START Provided records

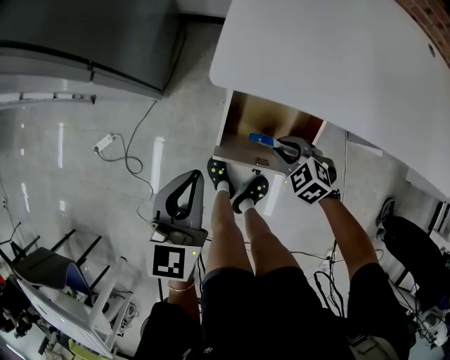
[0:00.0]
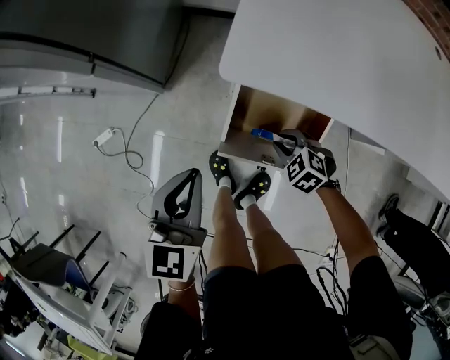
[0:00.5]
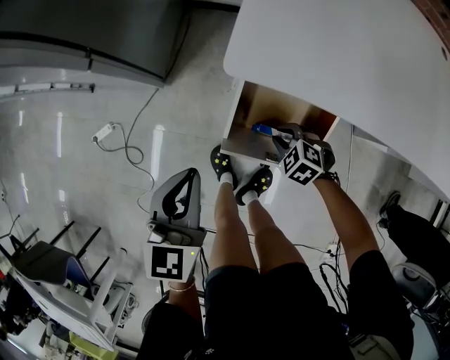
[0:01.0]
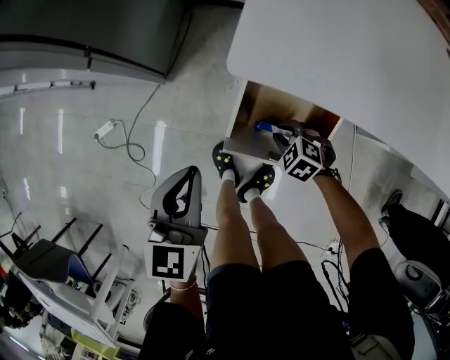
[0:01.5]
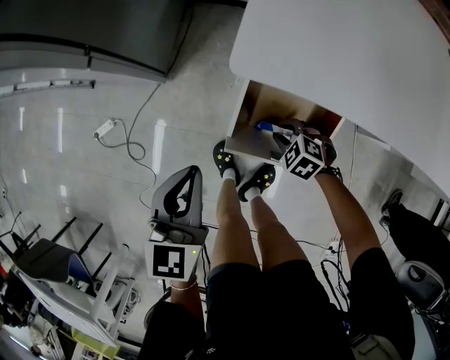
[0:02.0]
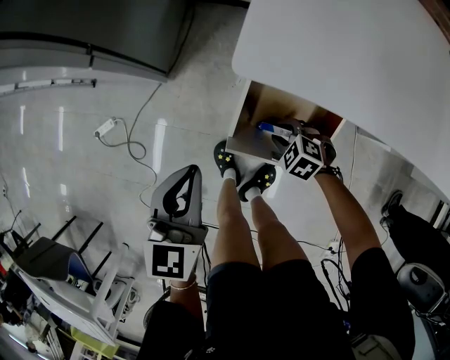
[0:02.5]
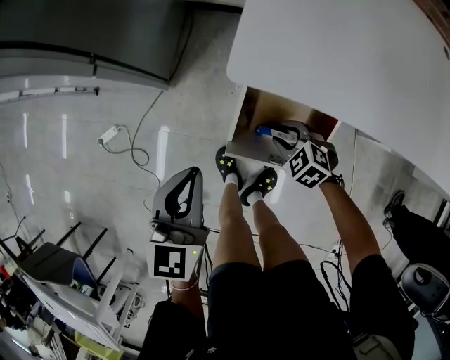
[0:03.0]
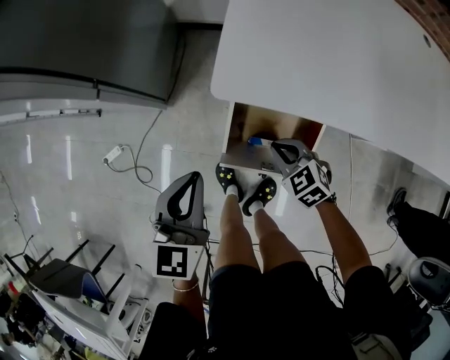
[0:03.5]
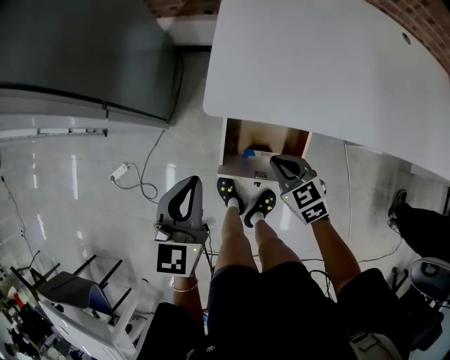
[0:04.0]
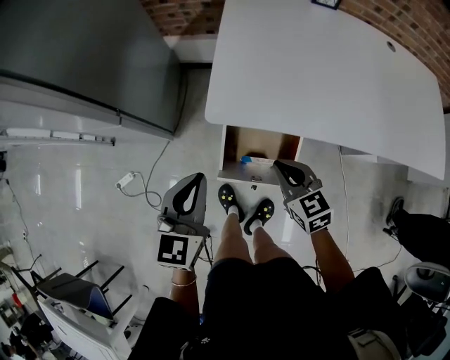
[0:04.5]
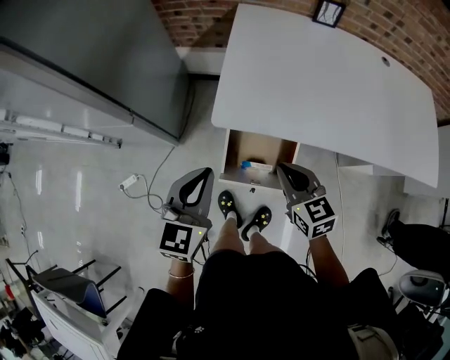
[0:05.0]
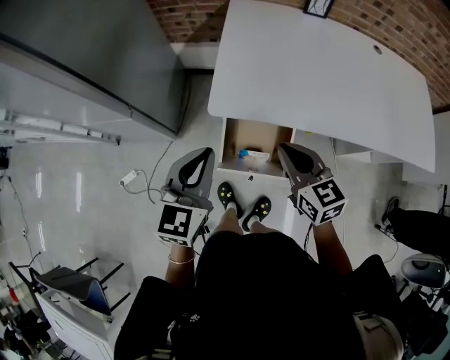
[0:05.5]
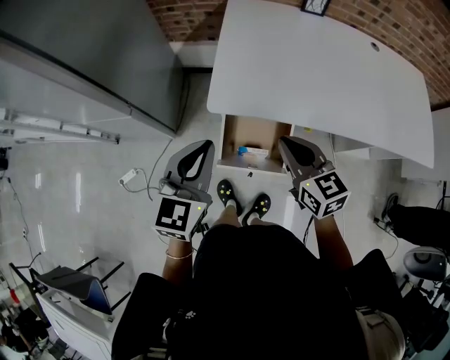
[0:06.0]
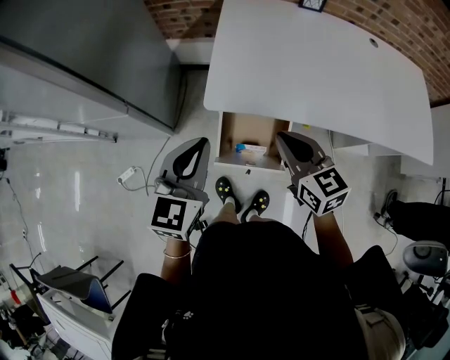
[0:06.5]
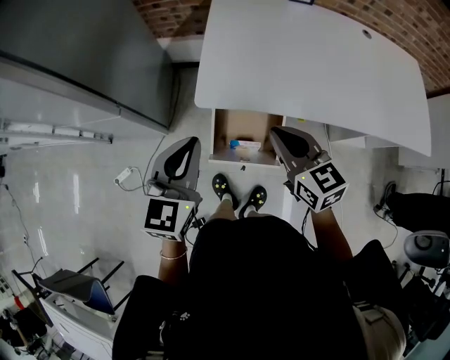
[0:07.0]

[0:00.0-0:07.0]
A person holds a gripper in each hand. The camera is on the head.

END Provided records

## [Goal of the exercise]
Give all the lines above again, character for character, without pictures.

## [Expected answer]
[0:00.0]
[0:00.5]
[0:01.0]
[0:01.5]
[0:02.0]
[0:02.5]
[0:03.0]
[0:03.5]
[0:04.0]
[0:04.5]
[0:05.0]
[0:05.5]
[0:06.0]
[0:06.5]
[0:07.0]

[0:00.0-0:07.0]
A person holds a gripper in each hand. The camera is on the head.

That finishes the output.